Al presidente Fontana consiglierei di ‘risciacquare i panni’ nelle acque del vecchio Althusius con il suo federalismo dal basso, oppure in quelle di Carlo Cattaneo con il suo municipalismo democratico, o di Silvio Trentin con i suoi progetti di Costituzione federale per l’Italia e l’Europa per fondare istituzioni economiche e politiche democratiche partendo dai luoghi di lavoro e dai territori. Basta, però, per cogliere lo spirito separatista della Lega e dei suoi rappresentanti istituzionali ricordare il motto, stampato nel Great Seal of the United States e nelle sue monete: e pluribus unum. I principi politici della Lega sono molto simili invece a quelli di John Calhoun oppositore sudista del federalismo, che combatté a difesa della sovranità dei singoli Stati e della schiavitù, che oggi vengono tradotti nel sovranismo e nel suprematismo bianco.

Oltre alla irrazionale ideologia del suprematismo, si avanza un argomento che vuol essere razionale, di natura economico-sociale, quello del trickle down, dello sgocciolamento: se i ricchi divengono più ricchi qualcosa ‘sgocciola’ pure in basso, oppure con un’immagine meno greve si dice ‘se la marea si alza porta in alto sia gli yatch sia le barche a remi’. Tradotto: se le imprese fanno profitti, allora anche i lavoratori e in generale le classi popolari avranno migliori condizioni di vita. Questo è vero? No, decine e decine di ricerche, report e libri hanno documentato che nel capitalismo, e anche in quello contemporaneo, i ricchi diventano più ricchi e i poveri diventano più poveri, allargandosi sempre più le disuguaglianze economiche e sociali. Per restare proprio in Lombardia, la ‘locomotiva del treno Italia’, si prenda Milano che è sì centro finanziario e hub dell’high tech, svettante con i suoi grattacieli verso il cielo, ma in basso c’è l’inferno dei rider, della subfornitura e del terzismo nella filiera della moda e del lusso, della speculazione edilizia e degli affitti alle stelle che spingono i settori popolari e gli studenti sempre più in lontane e degradate periferie, della privatizzazione della sanità con gli alti costi per curarsi, dei servizi sociali insufficienti e dello sfruttamento e al contempo della marginalizzazione sociale dei migranti.
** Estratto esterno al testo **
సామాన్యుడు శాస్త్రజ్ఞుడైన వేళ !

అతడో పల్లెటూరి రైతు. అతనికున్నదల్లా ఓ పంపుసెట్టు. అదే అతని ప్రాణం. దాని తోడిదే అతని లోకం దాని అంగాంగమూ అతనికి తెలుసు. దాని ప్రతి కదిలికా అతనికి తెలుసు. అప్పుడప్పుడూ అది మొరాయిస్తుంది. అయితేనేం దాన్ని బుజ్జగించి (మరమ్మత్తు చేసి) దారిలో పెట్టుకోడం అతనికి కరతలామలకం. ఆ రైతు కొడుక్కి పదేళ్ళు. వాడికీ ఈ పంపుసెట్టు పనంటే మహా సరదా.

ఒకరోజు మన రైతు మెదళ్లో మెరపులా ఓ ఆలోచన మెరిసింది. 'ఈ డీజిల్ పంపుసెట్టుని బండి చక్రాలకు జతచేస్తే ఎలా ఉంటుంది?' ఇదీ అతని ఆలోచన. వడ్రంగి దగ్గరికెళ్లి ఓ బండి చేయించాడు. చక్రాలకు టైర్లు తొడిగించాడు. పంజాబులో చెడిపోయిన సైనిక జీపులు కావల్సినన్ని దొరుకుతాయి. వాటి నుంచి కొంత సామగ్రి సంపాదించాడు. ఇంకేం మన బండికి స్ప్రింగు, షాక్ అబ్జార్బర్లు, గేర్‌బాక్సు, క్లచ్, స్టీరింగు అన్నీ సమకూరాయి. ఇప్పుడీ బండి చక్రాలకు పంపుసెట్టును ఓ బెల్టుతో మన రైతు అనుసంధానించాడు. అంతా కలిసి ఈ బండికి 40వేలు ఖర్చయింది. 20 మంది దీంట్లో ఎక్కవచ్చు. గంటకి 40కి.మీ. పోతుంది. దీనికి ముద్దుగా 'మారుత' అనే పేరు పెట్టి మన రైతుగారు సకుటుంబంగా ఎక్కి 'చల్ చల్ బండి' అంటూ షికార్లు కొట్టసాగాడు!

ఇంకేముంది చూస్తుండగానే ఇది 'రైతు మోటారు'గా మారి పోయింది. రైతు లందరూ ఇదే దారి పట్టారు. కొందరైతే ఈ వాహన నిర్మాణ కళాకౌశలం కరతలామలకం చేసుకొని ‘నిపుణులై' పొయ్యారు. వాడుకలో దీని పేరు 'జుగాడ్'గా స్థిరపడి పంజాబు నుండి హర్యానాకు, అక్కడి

Per questo l’autonomia differenziata non porterà vantaggi al popolo del Nord, che vedrà invece ulteriori privatizzazioni dei servizi e peggioramento delle condizioni di vita sociale, ma anche civile e politica, perché l’autonomia differenziata avrà l’effetto di un centralismo regionale, una concentrazione di potere nel ‘governatore’. La devoluzione di poteri alle Regioni non innalzerà i livelli di democrazia, li abbasserà perché il potere decisionale, ampliato nei suoi ambiti di competenza, si concentrerà nei ‘governatori’ e i cittadini saranno trattati da clientes.

Questo Nord così esaltato da Fontana, Zaia e dai vari presidenti di Assolombarda è davvero autosufficiente? Davvero non ha bisogno di nessuno perché in grado di camminare da solo? Assolutamente no, non è stato autosufficiente nel passato e non lo è nel presente. Hanno scritto Maria Teresa Capozza e Loretta Mussi, in  un documento predisposto per l’Assemblea di Napoli dei Comitati (6 giugno), che le industrie del Nord ‒ oltre ad aver sempre goduto di sovvenzioni finanziarie, incentivi economici e sgravi fiscali pubblici – hanno, prima, sfruttato il Mezzogiorno come mercato di sbocco delle loro merci, per avere manodopera a basso costo con le possenti migrazioni interne, per disporre di beni intermedi per la produzione delle loro merci (acciaio e chimica di base), e come discarica degli scarti inquinanti che hanno devastato territori agricoli di alto valore e provocato malattie letali (la Terra dei fuochi docet).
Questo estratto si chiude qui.